Mais l’argent ne fait pas tout. Les méthodes de contrôle, fondées sur une simple inspection visuelle, laissent à désirer – le dernier audit du viaduc de Gennevilliers avant l’écroulement ne faisait état d’aucun risque de dégradation. Pour d’innombrables ouvrages, les archives retraçant méthodes constructives et historiques d’entretien ont été perdues au fil des vagues de décentralisation. La suppression des directions départementales de l’équipement entre 2005 et 2007, puis, en 2014, de l’assistance technique de l’Etat pour des raisons de solidarité et d’aménagement du territoire, a laissé les petites communes démunies. Le Sénat les invite à mutualiser leurs ressources, mais la plupart n’ont pas les compétences d’ingénierie pour surveiller leur patrimoine. Et faire réaliser un diagnostic par un bureau d’études privé coûte en moyenne 5 000 euros par pont…

Pour « sortir d’une culture de l’urgence » et mettre en place une véritable « gestion patrimoniale », les sénateurs proposent de mettre en place un recensement de l’ensemble des ouvrages dans un système d’information géographique, de centraliser leurs documents techniques dans un « coffre-fort numérique » et d’établir pour chaque pont un « carnet de santé » retraçant les opérations passées et programmant celles à venir.

Reste à rétablir dans tout le pays une expertise d’ingénierie susceptible d’épauler les collectivités territoriales. La toute nouvelle Agence nationale de la cohésion des territoires pourrait jouer ce rôle, selon le gouvernement, en mobilisant les moyens du Centre d’études et d’expertise sur les risques, l’environnement, la mobilité et l’aménagement (Cerema).

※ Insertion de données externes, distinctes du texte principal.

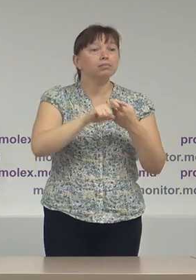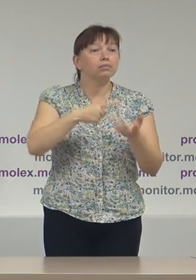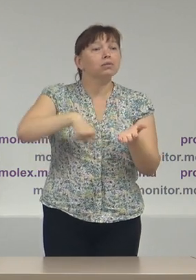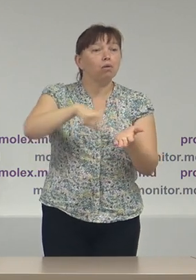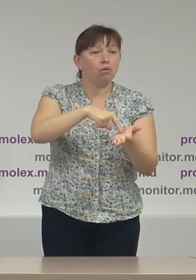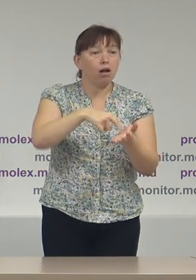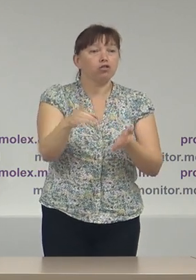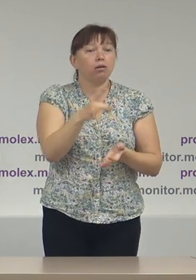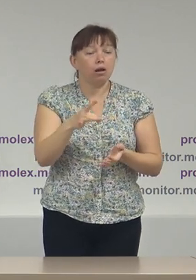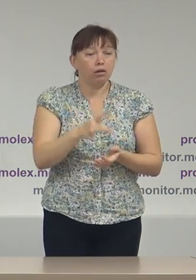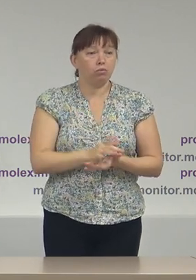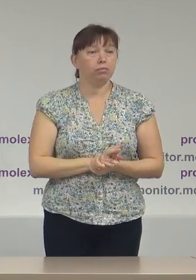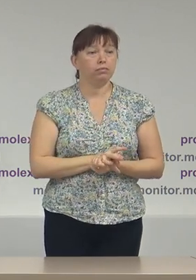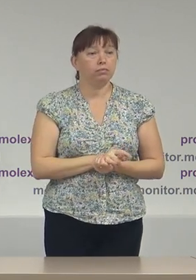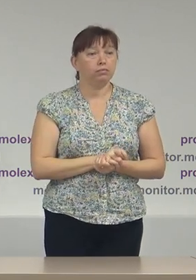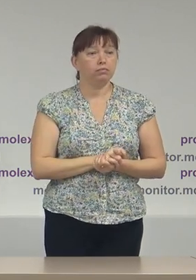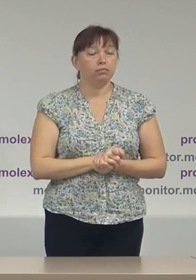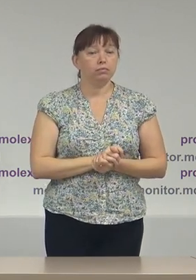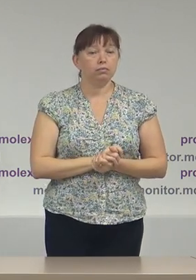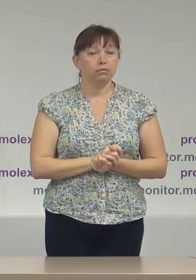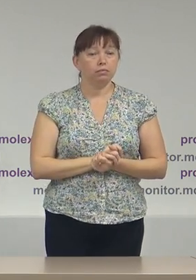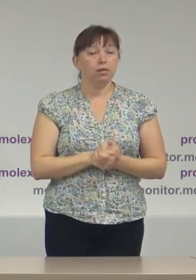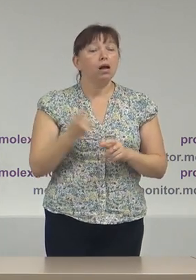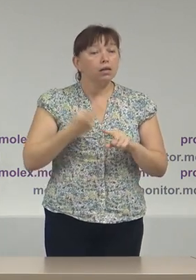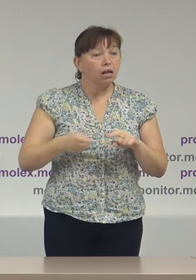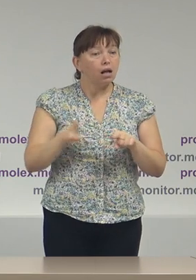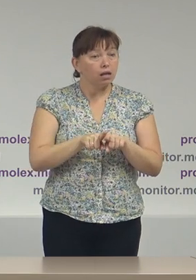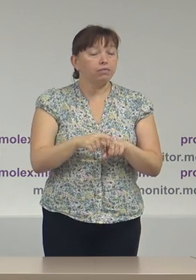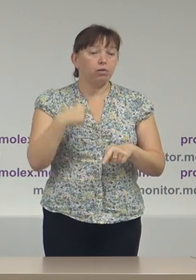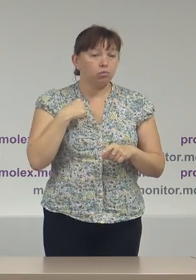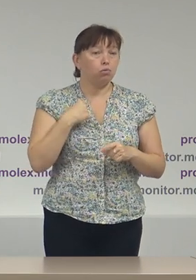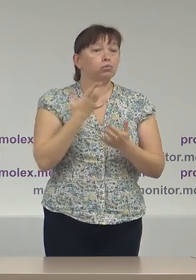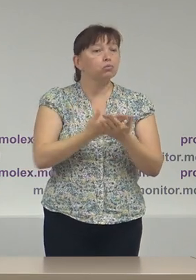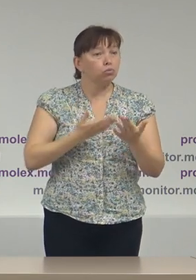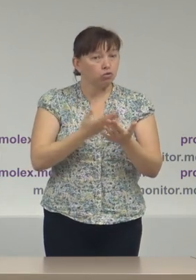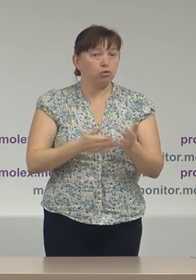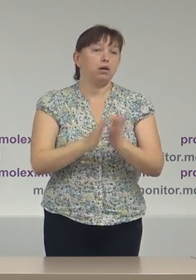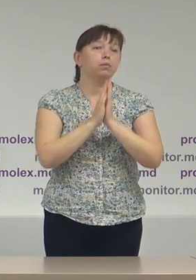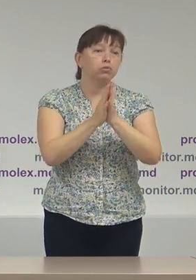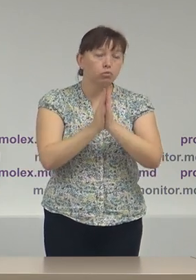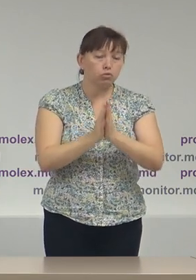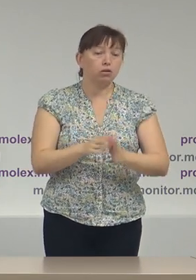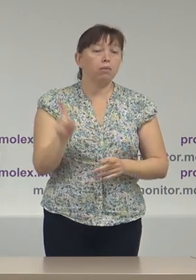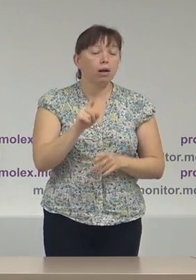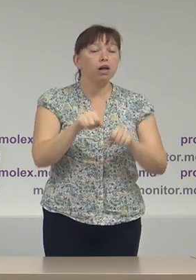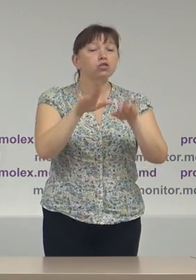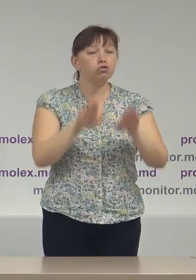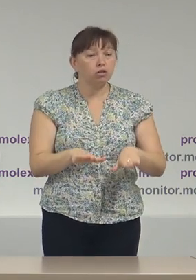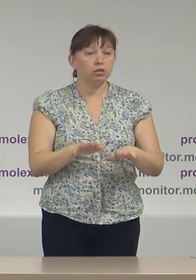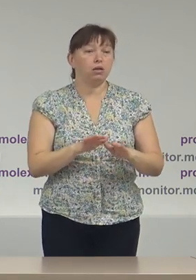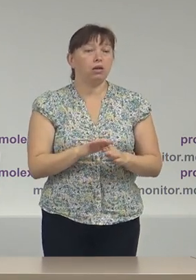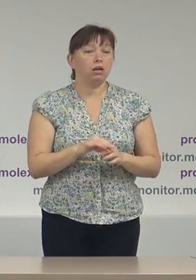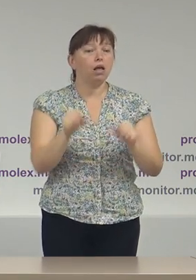nivelul 2 la alta astfel noi sugerem ca deciziile

Une piste limitée, estiment les sénateurs : le Cerema compte 280 agents pour travailler sur l’entretien des ouvrages d’art, et « les ressources humaines de l’établissement n’ont cessé de diminuer ces dernières années ». La ministre des transports, Elisabeth Borne, entendra-t-elle l’alerte ? Le budget 2020, dont le projet de loi de finances sera présenté à l’automne, fournira une première réponse.

Mais qu’elle n’oublie pas que, si « gouverner c’est prévoir« , les responsabilités sont au bout des choix gouvernementaux. Et aussi qu’en 1793, on guillotina pour bien moins que cela.

Le 1er juillet 2019.

Pour le CER, Jean-Yves Pons, CJA.

4 Réponses to “La France malade de ses ouvrages d’art.”

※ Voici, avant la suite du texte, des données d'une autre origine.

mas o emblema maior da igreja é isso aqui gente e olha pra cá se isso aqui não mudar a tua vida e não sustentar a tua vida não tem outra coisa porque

  1. Paul-Emic juillet 1, 2019 à 4:05 #

    il y a peut-être des choix à faire, on ne peut vivre dans un musée à ciel ouvert et même nos grands rois n’ont jamais hésité à tout mettre bas pour faire du neuf

    • conseilesperanceduroi juillet 1, 2019 à 4:08 #

      Le problème, c’est qu’il n’y a même pas le premier euro pour faire du « neuf » pendant que l' »ancien » s’écroule.

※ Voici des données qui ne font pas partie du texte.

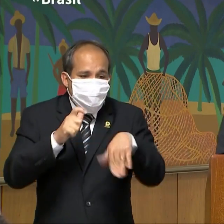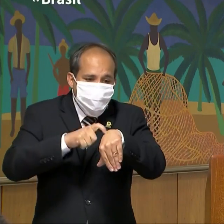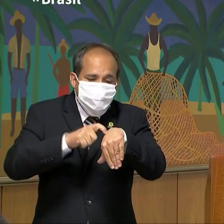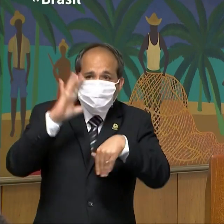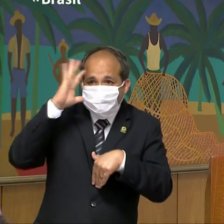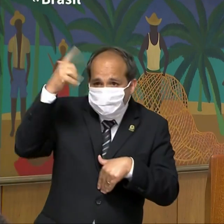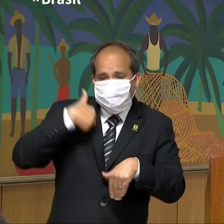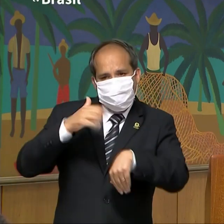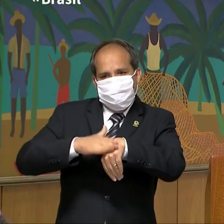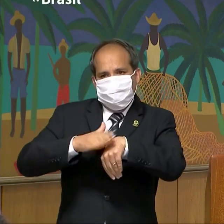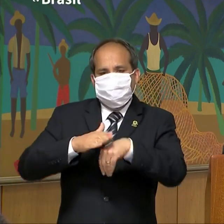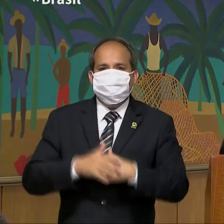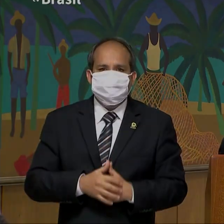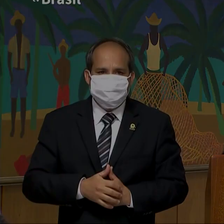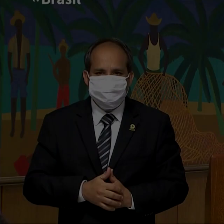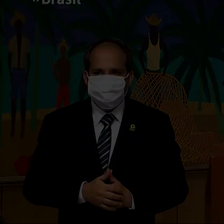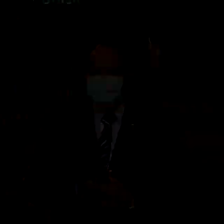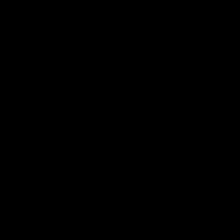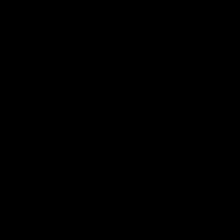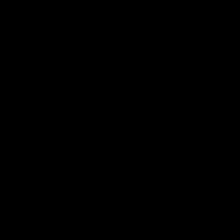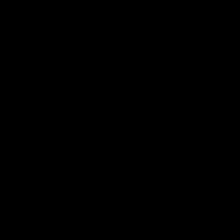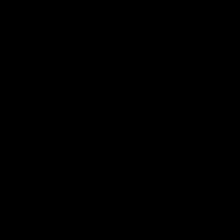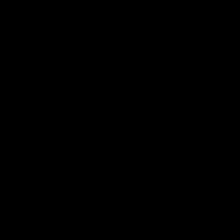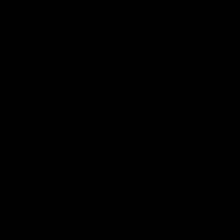.212. O número acumulado

      • Paul-Emic juillet 1, 2019 à 5:12 #

        Je vais encore me référer aux Rois.
        L’histoire de France est une longue histoire de rois souvent impécunieux et ayant pourtant réalisé de grandes choses. De l’argent il y en a mais on sent bien qu’il n’est pas toujours utilisé à bon escient. Si nous reprenions le contrôle de notre dette qui est tout à fait artificielle, tout pourrait changer en une décennie

      • conseilesperanceduroi juillet 1, 2019 à 6:31 #

        Tout à fait d’accord avec votre vision des choses.